移民澳洲前很少機會吃越南菜。布里斯本有不少越南人開餐館,做得不錯,也很有口碑。因此也愛上越南館子。越南菜多下香料,又喜用魚露。這款香茅豬扒味香甜,送飯或湯麵最是頂瓜瓜。今天嘗試自己親手泡製,味道跟在越南餐館吃的不相上下,很是滿意呢。
這個食譜簡單易做,味道剛剛好 Yummy~
材料 Ingredients:
豬扒4塊 (4 pork chops, about 350g)
香茅 1 枝(拍鬆,切碎)(a spring of lemongrass, pressed and minced)
蒜肉2粒(剁爛成蓉)(2 braids of garlic, chopped)
乾蔥2粒(切片)(2 shallots, sliced)
紅椒粒、蔥粒各酌量(some diced chili and spring onion)
薄荷葉(即香花菜,少許伴碟)(如不喜歡可不用)(peppermint for garnish)
醃料 Marinade:
生抽1湯匙(1 tablespoon light soya sauce)
糖 1/3茶匙(1/3 teaspoon sugar)
鹽1/8茶匙(1/8 salt)
青檸汁1/2湯匙(可使肉質鬆軟)(1/2 tablespoon lime juice)
生粉1/2湯匙(1/2 tablespoon corn flour)
調味料 Seasoning:
魚露1湯匙(1 tablespoon spicy fish sauce)
糖2/3茶匙(2/3 teaspoon sugar)
麻油、胡椒粉各少許(a dash of sesame oil; a few shakes of pepper)
做法:
1. 豬扒洗凈,用廚房紙抹乾。用刀背略為拍鬆,加入醃料及香茅碎拌勻,醃約45至60分鐘,隨即放入燒熱的煎鑊中,把豬扒煎熟及表面金黃色,取出並吸乾油份,待用。

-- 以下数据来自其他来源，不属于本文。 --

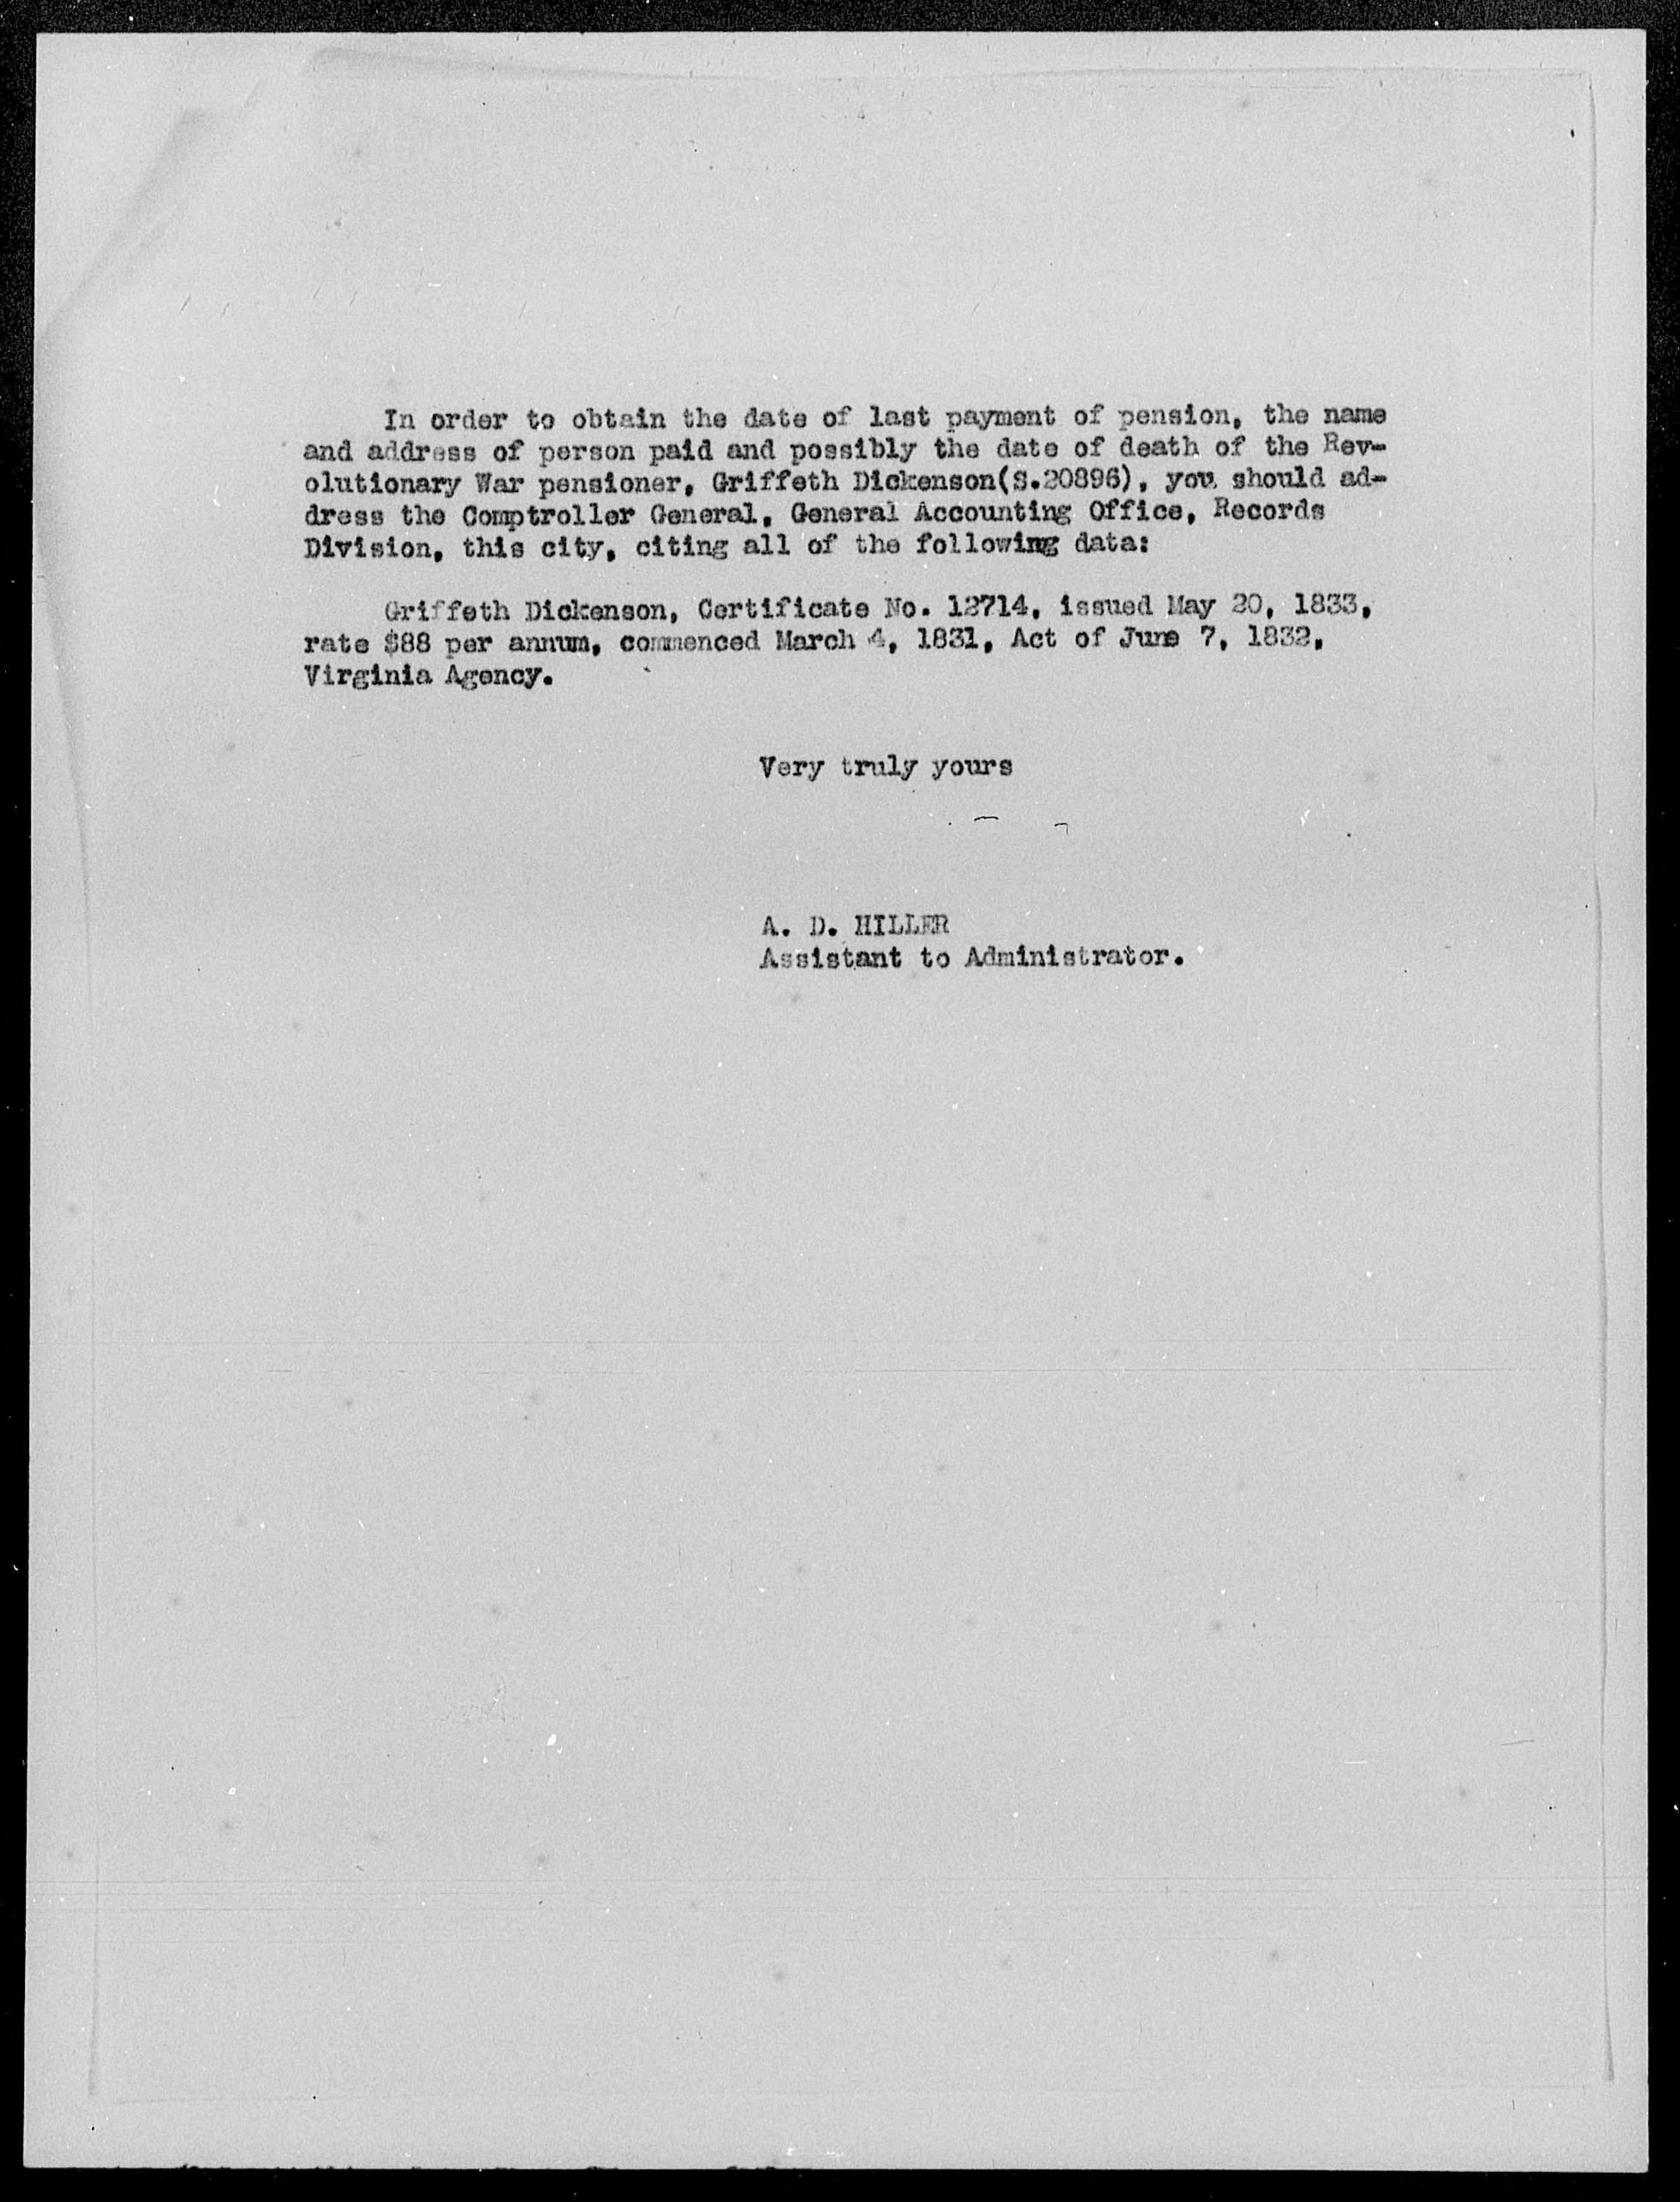In order to obtain the date of last payment of pension, the name and address of person paid and possibly the date of death of the Revolutionary War pensioner, Griffeth Dickenson (S.20896), you should address The Comptroller General, General Accounting Office, Records Division, this city, and cite the following data:

Griffeth Dickenson, Certificate No. 12714, issued May 20, 1833, rate $88 per annum, commence March 4, 1831, Act of June 7, 1832, Virginia Agency.

Very truly yours

A.D. Hiller
Assistant to the Adminstrator.

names: A D Hiller, Griffeth Dickenson, Griffeth Dickenson
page: 21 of 26
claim: survivor's
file: S. 20896, Griffeth Dickenson, Ga. Va.

2. 用燒油1湯匙,爆香蒜蓉,乾蔥片,把豬扒回鑊並注入調味料,紅椒粒及蔥粒,快手兜炒勻,盛上碟,伴以薄荷葉,即可趁熱食。
3. 或可將炸脆乾蔥片及香茅碎灑上。
溫馨提示:
1. 如果喜歡的話,還可以再伴以魚露佐食,味更濃郁。但基絲汀覺得味道已剛剛好了。
2. 或者可以把豬扒醃過夜來煎,就更入味。
左圖:香茅和乾蔥。右圖:魚露(基絲汀覺得這個牌子是最好味道的)
Method:
1.Rinse and dry pork chops, tenderize them briefly with the back of a chopper and blend in marinade, sprinkle minced lemongrass and leave them for 45 minutes to 1 hour, then fry marinated pork chops till done and golden.
2.Heat 1 tablespoon oil to sauté garlic and shallot, put in pork chops and fry briefly. Pour in seasoning mixture; sprinkle diced chilli and spring onion, stir well. Dish up and garnish with peppermint. Serve hot.

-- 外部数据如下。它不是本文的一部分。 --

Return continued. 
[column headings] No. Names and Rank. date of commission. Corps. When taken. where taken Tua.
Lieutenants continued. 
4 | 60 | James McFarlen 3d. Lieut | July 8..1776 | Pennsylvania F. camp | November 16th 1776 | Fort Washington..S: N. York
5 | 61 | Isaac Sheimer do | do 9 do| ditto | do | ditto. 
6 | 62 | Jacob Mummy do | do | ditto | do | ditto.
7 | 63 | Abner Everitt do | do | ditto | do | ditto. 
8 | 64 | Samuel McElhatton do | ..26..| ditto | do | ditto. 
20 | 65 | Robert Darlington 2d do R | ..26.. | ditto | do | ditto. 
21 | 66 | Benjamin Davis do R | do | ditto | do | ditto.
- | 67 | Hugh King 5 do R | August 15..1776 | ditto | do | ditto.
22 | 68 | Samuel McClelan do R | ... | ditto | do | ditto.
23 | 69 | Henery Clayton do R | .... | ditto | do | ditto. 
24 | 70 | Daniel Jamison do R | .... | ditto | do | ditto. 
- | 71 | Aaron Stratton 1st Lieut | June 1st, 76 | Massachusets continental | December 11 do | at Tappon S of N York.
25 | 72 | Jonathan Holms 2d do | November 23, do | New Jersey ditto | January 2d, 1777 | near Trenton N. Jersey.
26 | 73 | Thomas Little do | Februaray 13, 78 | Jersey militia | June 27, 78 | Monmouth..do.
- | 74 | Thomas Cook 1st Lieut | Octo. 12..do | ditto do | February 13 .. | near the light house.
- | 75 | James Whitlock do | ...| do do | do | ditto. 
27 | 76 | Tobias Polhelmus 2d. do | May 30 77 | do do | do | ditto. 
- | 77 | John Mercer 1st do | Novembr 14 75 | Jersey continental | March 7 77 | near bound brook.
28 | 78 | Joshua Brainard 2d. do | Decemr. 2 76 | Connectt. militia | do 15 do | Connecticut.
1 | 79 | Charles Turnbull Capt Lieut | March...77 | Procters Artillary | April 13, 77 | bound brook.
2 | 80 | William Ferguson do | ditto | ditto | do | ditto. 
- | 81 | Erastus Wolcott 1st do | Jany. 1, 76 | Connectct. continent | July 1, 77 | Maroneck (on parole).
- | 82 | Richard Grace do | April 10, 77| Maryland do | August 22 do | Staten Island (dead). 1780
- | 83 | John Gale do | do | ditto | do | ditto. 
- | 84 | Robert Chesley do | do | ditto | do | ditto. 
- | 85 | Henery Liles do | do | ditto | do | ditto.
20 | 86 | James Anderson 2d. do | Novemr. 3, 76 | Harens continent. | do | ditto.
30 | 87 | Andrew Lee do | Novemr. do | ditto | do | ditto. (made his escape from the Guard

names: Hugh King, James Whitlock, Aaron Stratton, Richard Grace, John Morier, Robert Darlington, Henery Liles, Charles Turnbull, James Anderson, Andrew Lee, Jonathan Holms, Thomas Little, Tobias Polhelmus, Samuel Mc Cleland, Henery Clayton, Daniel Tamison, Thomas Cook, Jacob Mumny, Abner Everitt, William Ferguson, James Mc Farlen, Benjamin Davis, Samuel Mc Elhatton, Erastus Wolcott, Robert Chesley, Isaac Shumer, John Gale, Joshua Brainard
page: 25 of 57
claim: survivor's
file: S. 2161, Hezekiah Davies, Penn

it's VERY yummy!!! thank you!!!!
回覆刪除It's great!! Christine, you use both language on your blog, that's good for my husband, he can't read chinese when I mention about your recipe, he'd a lot excuse.....
回覆刪除Now it is very convenient for him and I.
Po
Oh, just the previous ones.
刪除I've created an English food blog here. You can take a look if you like.
Can I seasoning it overnight as I don't have 45 min on the day of cooking?
回覆刪除Sure, you can marinate it a day ahead.
刪除It tastes better.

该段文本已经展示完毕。